Campus Living Villages Pty Limited
- Type: Private
- Industry: Accommodation provider
- Founded: 2003
- Founder: Campus Living Funds Management Limited (CLFM)
- Headquarters: Sydney, Australia
- Services: Accommodation
- Total assets: AU $1.3billion
- Owner: Campus Living Villages
- Website: www.campuslivingvillages.com

= Campus Living Villages =

Campus Living Villages (CLV) is a global student accommodation provider with services in finance, design, development, project management and operation of student housing.
CLV is one of the largest higher education student housing providers in the world. It opened its first student village at the University of Sydney in Australia in 2003 and has since expanded internationally to own, manage or develop over 45,000 beds across Australia, the United Kingdom and the United States.

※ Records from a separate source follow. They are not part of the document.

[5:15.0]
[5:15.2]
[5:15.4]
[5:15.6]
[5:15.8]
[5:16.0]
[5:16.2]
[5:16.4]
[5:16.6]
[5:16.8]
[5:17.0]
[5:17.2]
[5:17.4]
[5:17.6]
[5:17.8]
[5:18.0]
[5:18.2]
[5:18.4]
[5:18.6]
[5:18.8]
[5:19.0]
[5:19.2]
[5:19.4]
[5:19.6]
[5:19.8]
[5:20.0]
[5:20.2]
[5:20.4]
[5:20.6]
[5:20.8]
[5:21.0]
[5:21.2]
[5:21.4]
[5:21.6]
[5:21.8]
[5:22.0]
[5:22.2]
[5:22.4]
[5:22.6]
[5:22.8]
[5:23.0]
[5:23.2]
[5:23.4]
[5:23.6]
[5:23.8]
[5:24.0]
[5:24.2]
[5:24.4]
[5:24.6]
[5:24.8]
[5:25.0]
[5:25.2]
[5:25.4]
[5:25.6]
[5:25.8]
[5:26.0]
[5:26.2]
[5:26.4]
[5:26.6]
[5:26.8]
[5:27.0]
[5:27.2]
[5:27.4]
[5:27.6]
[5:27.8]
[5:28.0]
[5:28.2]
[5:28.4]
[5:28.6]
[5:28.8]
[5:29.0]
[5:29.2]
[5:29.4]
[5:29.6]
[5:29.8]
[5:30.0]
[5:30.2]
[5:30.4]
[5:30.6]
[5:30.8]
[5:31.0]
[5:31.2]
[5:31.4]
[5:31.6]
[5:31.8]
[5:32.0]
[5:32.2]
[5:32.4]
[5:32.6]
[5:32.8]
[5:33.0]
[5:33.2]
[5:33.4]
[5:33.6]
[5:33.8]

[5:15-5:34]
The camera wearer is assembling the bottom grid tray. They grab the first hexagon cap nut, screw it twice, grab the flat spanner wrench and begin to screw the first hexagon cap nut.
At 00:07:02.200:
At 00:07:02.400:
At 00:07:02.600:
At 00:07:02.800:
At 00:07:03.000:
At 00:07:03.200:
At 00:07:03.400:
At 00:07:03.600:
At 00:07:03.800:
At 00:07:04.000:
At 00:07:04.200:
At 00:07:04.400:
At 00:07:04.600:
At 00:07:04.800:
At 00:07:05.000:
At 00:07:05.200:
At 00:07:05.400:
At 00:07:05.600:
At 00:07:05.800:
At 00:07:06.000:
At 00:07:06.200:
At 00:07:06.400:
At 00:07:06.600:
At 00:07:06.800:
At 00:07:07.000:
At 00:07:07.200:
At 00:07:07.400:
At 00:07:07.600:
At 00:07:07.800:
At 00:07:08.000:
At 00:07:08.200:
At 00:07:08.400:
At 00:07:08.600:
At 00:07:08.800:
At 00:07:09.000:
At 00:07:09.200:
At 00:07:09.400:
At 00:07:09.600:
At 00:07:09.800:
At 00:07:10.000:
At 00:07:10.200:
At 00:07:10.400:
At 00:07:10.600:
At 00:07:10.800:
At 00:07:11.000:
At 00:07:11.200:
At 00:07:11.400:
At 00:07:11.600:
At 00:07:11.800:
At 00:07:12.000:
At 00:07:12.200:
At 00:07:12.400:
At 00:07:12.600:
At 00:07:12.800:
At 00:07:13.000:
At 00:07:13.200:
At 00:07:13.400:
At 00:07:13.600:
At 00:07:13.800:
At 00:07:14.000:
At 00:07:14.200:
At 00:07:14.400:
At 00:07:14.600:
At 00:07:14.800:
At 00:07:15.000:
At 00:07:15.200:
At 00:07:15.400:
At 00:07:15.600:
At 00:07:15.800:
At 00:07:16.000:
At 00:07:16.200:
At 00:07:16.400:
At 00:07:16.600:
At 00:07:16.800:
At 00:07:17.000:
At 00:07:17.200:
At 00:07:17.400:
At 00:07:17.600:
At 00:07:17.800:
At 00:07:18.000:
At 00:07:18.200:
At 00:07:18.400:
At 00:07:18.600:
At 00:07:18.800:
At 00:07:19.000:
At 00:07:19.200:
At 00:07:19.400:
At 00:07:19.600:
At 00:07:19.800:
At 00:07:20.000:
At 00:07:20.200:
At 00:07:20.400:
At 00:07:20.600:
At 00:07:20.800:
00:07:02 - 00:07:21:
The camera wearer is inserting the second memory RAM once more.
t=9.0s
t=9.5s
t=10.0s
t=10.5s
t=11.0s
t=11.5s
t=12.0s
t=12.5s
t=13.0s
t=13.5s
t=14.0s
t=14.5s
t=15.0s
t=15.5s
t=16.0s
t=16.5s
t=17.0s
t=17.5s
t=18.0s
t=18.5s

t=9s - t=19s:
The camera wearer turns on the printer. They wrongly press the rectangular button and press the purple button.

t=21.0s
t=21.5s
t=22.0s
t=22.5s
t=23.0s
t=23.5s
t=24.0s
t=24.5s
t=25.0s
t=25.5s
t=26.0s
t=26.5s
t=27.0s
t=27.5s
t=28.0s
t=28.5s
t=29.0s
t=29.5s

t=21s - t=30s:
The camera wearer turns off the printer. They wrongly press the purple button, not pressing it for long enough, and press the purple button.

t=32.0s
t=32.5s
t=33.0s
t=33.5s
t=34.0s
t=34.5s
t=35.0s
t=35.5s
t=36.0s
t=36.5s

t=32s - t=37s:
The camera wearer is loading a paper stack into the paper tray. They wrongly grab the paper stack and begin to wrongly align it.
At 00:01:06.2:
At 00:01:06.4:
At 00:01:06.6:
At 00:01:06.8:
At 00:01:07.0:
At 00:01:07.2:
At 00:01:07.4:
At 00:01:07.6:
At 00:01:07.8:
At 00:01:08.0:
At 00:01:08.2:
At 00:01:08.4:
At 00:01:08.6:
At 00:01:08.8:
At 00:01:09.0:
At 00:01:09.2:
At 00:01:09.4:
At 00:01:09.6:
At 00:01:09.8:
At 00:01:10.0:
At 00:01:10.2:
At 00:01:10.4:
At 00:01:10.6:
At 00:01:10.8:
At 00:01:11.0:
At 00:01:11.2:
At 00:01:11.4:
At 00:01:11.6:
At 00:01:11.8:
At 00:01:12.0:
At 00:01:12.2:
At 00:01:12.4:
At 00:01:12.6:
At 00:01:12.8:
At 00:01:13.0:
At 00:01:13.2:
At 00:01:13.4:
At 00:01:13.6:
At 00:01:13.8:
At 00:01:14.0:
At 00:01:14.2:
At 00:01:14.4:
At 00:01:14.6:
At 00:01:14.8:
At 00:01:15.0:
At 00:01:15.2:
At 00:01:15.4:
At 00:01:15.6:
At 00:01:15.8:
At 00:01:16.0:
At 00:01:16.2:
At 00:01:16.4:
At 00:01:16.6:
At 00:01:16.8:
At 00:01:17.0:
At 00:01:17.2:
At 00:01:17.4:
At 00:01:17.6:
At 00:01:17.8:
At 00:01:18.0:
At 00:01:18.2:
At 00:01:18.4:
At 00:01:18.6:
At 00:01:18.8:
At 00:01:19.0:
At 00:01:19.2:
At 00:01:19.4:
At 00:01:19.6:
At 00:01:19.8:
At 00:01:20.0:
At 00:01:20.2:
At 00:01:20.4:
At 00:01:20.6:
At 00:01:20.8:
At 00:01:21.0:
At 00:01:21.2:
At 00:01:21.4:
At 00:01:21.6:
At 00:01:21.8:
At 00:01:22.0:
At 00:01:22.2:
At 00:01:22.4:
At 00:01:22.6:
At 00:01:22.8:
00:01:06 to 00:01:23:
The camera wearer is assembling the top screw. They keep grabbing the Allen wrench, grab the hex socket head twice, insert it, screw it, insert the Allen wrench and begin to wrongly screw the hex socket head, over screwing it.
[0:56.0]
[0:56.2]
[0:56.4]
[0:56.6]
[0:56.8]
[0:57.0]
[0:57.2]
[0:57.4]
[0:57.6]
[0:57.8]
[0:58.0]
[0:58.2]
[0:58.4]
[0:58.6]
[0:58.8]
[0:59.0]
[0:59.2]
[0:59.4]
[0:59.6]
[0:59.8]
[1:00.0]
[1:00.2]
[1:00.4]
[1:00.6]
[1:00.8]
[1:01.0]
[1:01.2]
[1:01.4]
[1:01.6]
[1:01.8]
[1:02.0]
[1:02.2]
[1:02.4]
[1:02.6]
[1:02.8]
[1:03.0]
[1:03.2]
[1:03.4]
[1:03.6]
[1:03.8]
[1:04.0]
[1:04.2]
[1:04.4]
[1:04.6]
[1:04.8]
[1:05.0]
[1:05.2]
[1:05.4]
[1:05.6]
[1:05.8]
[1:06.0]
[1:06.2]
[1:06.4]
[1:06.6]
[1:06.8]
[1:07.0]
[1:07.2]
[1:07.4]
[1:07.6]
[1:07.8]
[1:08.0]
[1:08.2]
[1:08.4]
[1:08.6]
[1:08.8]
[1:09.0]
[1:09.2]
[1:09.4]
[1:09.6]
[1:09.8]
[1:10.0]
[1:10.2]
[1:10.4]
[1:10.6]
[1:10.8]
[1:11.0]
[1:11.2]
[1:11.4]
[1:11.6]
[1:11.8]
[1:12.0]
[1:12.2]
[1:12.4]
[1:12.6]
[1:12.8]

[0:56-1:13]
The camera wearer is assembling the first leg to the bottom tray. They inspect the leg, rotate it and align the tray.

A number of Australian pension funds back the business.

== History ==
2003: Australia

Campus Living Villages AU established its first student accommodation village, Sydney University Village, at the University of Sydney.

2005: New Zealand

Campus Living Villages NZ expanded operations into New Zealand, signing its first lease with Massey University. This was followed by the acquisition of the University of Canterbury's student accommodation, including an agreement to develop further housing on campus. In September 2019, the body of a student resident, of its Sonoda Christchurch Campus, was found dead in his room.

2006: United States, Century Campus Housing Management, L.P. acquisition

On 23 March 2006, Campus Living Villages US acquired the United States business, Century Campus Housing Management L.P., adding approximately 20,000 beds to the portfolio. Century Campus Housing Management, formerly a subsidiary of Century Development, was founded in 1986.

2008: United Kingdom

Campus Living Villages UK acquired its first United Kingdom property in December 2008 when it bought 755 student flat units from the University of Salford in Manchester, England, and opened University of Salford Student Village.

2015: United Kingdom

In September 2015, a multimillion-pound luxury student village in Salford opened for the University, it was named Peel Park Quarter after the park which is situated alongside. Features in the buildings included deluxe en-suite bedrooms and floor-to-ceiling windows which showcased views overlooking the park and the Manchester skyline. Communal social spaces play host to pool tables and other games facilities inside, while the lounges feature Sky TV and the latest games consoles. There's also two 30-seater cinema rooms and a free gym on site.

==Controversy==
===Death of Mason Pendrous===

In 2019 Mason Pendrous, a 19-year-old student at Canterbury University in New Zealand, was found dead at Sonoda Christchurch Campus, one of CLV's student accommodation facilities in New Zealand. Pendrous had been missing for between two and four weeks before his body was discovered in his room by another student. An independent investigation into the incident showed that CLV had failed to adequately follow processes to monitor student welfare.